=== Begin Enclosure ===

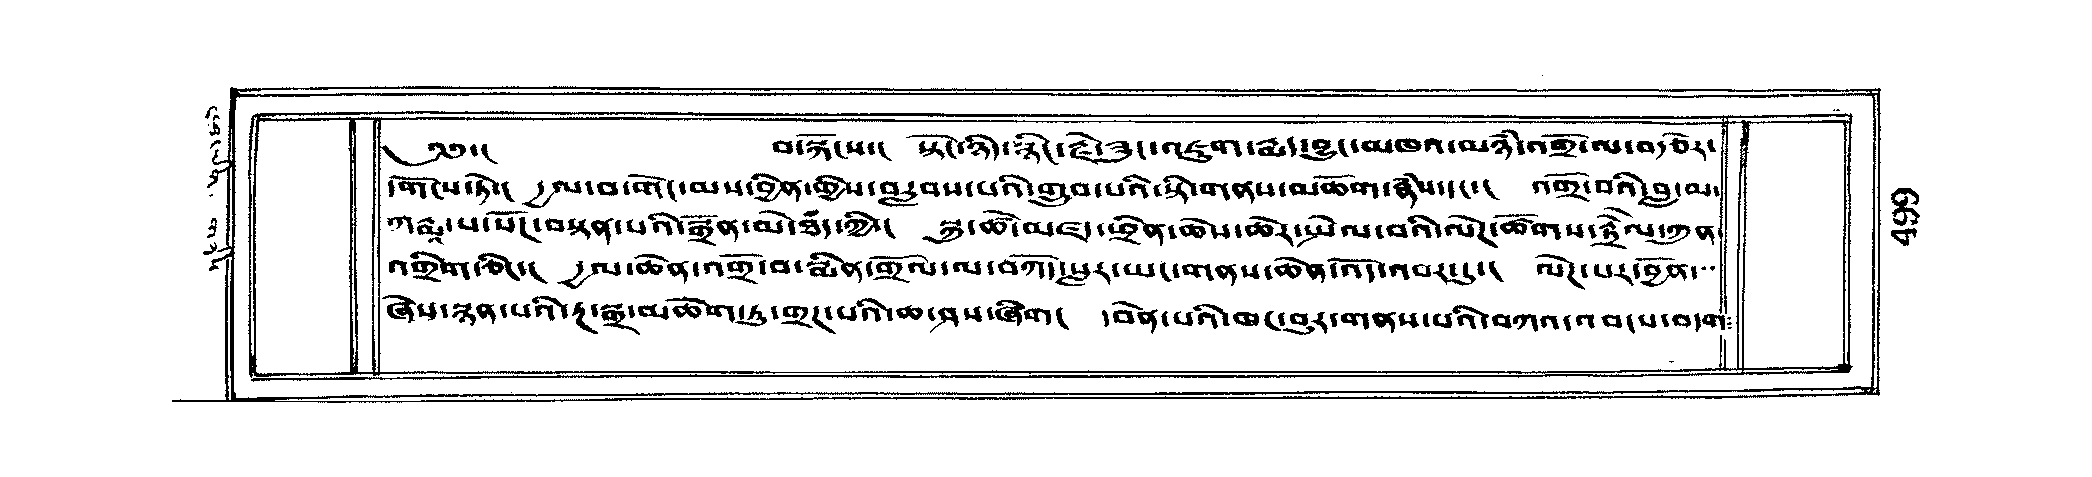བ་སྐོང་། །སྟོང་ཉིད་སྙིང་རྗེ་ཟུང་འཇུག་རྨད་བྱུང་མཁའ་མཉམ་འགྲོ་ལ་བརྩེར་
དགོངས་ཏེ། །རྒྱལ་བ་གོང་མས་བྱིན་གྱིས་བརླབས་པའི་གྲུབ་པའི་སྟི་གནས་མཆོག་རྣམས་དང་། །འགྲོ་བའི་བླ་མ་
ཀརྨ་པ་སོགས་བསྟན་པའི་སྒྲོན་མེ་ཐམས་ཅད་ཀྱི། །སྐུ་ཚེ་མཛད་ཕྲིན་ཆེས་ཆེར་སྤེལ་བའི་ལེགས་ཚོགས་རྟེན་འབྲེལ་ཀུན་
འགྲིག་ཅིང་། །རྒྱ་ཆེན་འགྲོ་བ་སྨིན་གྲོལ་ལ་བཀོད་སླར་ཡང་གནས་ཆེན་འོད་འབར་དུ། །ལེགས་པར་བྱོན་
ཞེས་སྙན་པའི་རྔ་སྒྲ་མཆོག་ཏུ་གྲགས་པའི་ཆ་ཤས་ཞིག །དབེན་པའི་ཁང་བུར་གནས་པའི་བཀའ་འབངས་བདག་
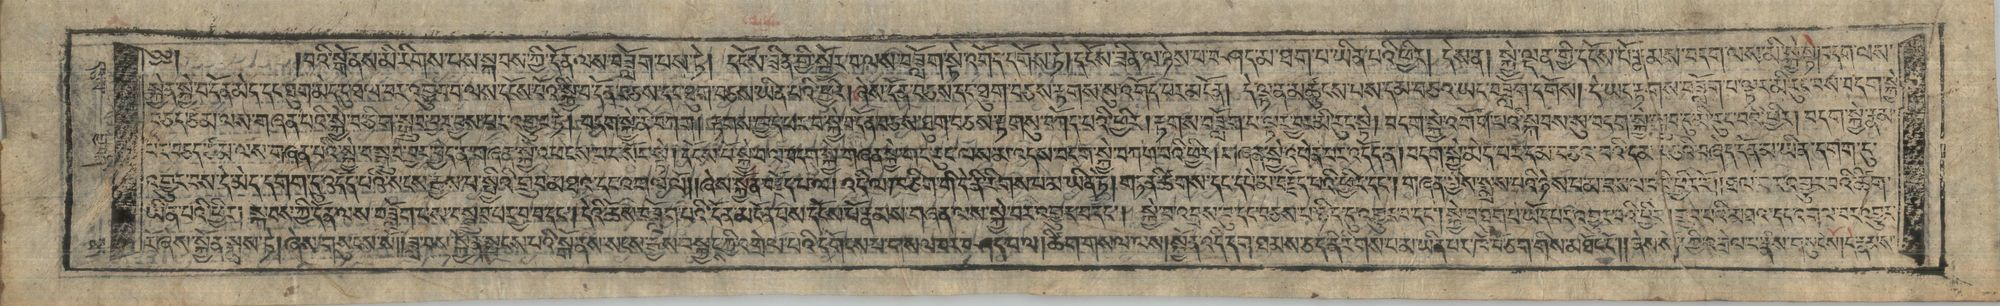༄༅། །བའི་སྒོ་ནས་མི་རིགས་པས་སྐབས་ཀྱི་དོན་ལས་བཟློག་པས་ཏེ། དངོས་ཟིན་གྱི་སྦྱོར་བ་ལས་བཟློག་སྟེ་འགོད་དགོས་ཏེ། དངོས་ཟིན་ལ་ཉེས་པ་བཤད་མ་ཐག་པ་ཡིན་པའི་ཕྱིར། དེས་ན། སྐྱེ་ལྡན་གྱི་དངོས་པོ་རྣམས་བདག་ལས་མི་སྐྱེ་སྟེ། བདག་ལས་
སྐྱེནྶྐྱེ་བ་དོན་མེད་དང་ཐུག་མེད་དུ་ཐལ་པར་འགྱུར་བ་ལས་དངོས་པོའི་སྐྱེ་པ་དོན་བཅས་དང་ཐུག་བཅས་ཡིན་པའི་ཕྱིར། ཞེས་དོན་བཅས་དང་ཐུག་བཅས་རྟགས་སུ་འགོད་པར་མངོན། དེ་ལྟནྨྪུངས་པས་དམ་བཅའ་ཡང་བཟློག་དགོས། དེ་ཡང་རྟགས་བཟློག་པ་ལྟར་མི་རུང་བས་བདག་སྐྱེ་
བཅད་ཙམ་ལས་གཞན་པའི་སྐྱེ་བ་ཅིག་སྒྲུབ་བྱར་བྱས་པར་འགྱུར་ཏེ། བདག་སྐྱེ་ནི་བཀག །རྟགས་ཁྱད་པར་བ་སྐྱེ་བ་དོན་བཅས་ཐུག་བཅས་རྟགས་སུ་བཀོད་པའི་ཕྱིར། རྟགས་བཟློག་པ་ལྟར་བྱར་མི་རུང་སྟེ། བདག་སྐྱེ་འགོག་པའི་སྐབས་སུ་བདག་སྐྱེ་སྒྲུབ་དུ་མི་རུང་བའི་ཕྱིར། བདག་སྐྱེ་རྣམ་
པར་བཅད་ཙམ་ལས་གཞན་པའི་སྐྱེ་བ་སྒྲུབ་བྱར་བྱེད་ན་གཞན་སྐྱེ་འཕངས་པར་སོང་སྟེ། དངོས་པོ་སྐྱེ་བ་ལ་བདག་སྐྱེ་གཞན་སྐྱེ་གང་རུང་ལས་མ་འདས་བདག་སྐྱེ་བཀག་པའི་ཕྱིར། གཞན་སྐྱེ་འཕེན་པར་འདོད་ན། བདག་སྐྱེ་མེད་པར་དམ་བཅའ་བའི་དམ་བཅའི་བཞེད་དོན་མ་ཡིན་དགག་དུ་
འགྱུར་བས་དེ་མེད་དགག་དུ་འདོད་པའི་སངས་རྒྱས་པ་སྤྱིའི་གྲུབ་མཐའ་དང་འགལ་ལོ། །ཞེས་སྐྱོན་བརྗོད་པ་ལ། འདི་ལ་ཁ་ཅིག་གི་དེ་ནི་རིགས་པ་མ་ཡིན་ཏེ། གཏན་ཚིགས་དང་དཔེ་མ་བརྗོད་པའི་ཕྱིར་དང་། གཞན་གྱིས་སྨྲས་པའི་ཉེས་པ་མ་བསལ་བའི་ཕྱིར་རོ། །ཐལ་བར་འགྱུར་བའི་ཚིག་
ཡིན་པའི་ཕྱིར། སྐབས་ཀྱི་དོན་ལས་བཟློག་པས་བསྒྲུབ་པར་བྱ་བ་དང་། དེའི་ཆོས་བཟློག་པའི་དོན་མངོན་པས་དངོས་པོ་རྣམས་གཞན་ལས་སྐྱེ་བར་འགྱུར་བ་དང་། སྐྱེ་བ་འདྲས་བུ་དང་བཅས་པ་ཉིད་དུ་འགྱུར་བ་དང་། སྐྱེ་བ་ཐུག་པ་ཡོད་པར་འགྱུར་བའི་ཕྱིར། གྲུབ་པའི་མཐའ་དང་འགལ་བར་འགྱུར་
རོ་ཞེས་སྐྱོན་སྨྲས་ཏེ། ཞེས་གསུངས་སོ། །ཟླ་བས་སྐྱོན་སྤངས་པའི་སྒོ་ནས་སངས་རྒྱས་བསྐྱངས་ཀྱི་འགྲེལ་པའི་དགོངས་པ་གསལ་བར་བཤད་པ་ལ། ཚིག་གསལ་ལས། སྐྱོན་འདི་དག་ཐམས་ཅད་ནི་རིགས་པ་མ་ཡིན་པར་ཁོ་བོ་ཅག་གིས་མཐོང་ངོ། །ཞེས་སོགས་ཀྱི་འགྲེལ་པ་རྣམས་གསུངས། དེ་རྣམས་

=== End Enclosure ===

* What the exercise asks: Every line of the records above must reappear exactly, though the pictures must not.

* Result of this exercise:
བ་སྐོང་། །སྟོང་ཉིད་སྙིང་རྗེ་ཟུང་འཇུག་རྨད་བྱུང་མཁའ་མཉམ་འགྲོ་ལ་བརྩེར་
དགོངས་ཏེ། །རྒྱལ་བ་གོང་མས་བྱིན་གྱིས་བརླབས་པའི་གྲུབ་པའི་སྟི་གནས་མཆོག་རྣམས་དང་། །འགྲོ་བའི་བླ་མ་
ཀརྨ་པ་སོགས་བསྟན་པའི་སྒྲོན་མེ་ཐམས་ཅད་ཀྱི། །སྐུ་ཚེ་མཛད་ཕྲིན་ཆེས་ཆེར་སྤེལ་བའི་ལེགས་ཚོགས་རྟེན་འབྲེལ་ཀུན་
འགྲིག་ཅིང་། །རྒྱ་ཆེན་འགྲོ་བ་སྨིན་གྲོལ་ལ་བཀོད་སླར་ཡང་གནས་ཆེན་འོད་འབར་དུ། །ལེགས་པར་བྱོན་
ཞེས་སྙན་པའི་རྔ་སྒྲ་མཆོག་ཏུ་གྲགས་པའི་ཆ་ཤས་ཞིག །དབེན་པའི་ཁང་བུར་གནས་པའི་བཀའ་འབངས་བདག་
༄༅། །བའི་སྒོ་ནས་མི་རིགས་པས་སྐབས་ཀྱི་དོན་ལས་བཟློག་པས་ཏེ། དངོས་ཟིན་གྱི་སྦྱོར་བ་ལས་བཟློག་སྟེ་འགོད་དགོས་ཏེ། དངོས་ཟིན་ལ་ཉེས་པ་བཤད་མ་ཐག་པ་ཡིན་པའི་ཕྱིར། དེས་ན། སྐྱེ་ལྡན་གྱི་དངོས་པོ་རྣམས་བདག་ལས་མི་སྐྱེ་སྟེ། བདག་ལས་
སྐྱེནྶྐྱེ་བ་དོན་མེད་དང་ཐུག་མེད་དུ་ཐལ་པར་འགྱུར་བ་ལས་དངོས་པོའི་སྐྱེ་པ་དོན་བཅས་དང་ཐུག་བཅས་ཡིན་པའི་ཕྱིར། ཞེས་དོན་བཅས་དང་ཐུག་བཅས་རྟགས་སུ་འགོད་པར་མངོན། དེ་ལྟནྨྪུངས་པས་དམ་བཅའ་ཡང་བཟློག་དགོས། དེ་ཡང་རྟགས་བཟློག་པ་ལྟར་མི་རུང་བས་བདག་སྐྱེ་
བཅད་ཙམ་ལས་གཞན་པའི་སྐྱེ་བ་ཅིག་སྒྲུབ་བྱར་བྱས་པར་འགྱུར་ཏེ། བདག་སྐྱེ་ནི་བཀག །རྟགས་ཁྱད་པར་བ་སྐྱེ་བ་དོན་བཅས་ཐུག་བཅས་རྟགས་སུ་བཀོད་པའི་ཕྱིར། རྟགས་བཟློག་པ་ལྟར་བྱར་མི་རུང་སྟེ། བདག་སྐྱེ་འགོག་པའི་སྐབས་སུ་བདག་སྐྱེ་སྒྲུབ་དུ་མི་རུང་བའི་ཕྱིར། བདག་སྐྱེ་རྣམ་
པར་བཅད་ཙམ་ལས་གཞན་པའི་སྐྱེ་བ་སྒྲུབ་བྱར་བྱེད་ན་གཞན་སྐྱེ་འཕངས་པར་སོང་སྟེ། དངོས་པོ་སྐྱེ་བ་ལ་བདག་སྐྱེ་གཞན་སྐྱེ་གང་རུང་ལས་མ་འདས་བདག་སྐྱེ་བཀག་པའི་ཕྱིར། གཞན་སྐྱེ་འཕེན་པར་འདོད་ན། བདག་སྐྱེ་མེད་པར་དམ་བཅའ་བའི་དམ་བཅའི་བཞེད་དོན་མ་ཡིན་དགག་དུ་
འགྱུར་བས་དེ་མེད་དགག་དུ་འདོད་པའི་སངས་རྒྱས་པ་སྤྱིའི་གྲུབ་མཐའ་དང་འགལ་ལོ། །ཞེས་སྐྱོན་བརྗོད་པ་ལ། འདི་ལ་ཁ་ཅིག་གི་དེ་ནི་རིགས་པ་མ་ཡིན་ཏེ། གཏན་ཚིགས་དང་དཔེ་མ་བརྗོད་པའི་ཕྱིར་དང་། གཞན་གྱིས་སྨྲས་པའི་ཉེས་པ་མ་བསལ་བའི་ཕྱིར་རོ། །ཐལ་བར་འགྱུར་བའི་ཚིག་
ཡིན་པའི་ཕྱིར། སྐབས་ཀྱི་དོན་ལས་བཟློག་པས་བསྒྲུབ་པར་བྱ་བ་དང་། དེའི་ཆོས་བཟློག་པའི་དོན་མངོན་པས་དངོས་པོ་རྣམས་གཞན་ལས་སྐྱེ་བར་འགྱུར་བ་དང་། སྐྱེ་བ་འདྲས་བུ་དང་བཅས་པ་ཉིད་དུ་འགྱུར་བ་དང་། སྐྱེ་བ་ཐུག་པ་ཡོད་པར་འགྱུར་བའི་ཕྱིར། གྲུབ་པའི་མཐའ་དང་འགལ་བར་འགྱུར་
རོ་ཞེས་སྐྱོན་སྨྲས་ཏེ། ཞེས་གསུངས་སོ། །ཟླ་བས་སྐྱོན་སྤངས་པའི་སྒོ་ནས་སངས་རྒྱས་བསྐྱངས་ཀྱི་འགྲེལ་པའི་དགོངས་པ་གསལ་བར་བཤད་པ་ལ། ཚིག་གསལ་ལས། སྐྱོན་འདི་དག་ཐམས་ཅད་ནི་རིགས་པ་མ་ཡིན་པར་ཁོ་བོ་ཅག་གིས་མཐོང་ངོ། །ཞེས་སོགས་ཀྱི་འགྲེལ་པ་རྣམས་གསུངས། དེ་རྣམས་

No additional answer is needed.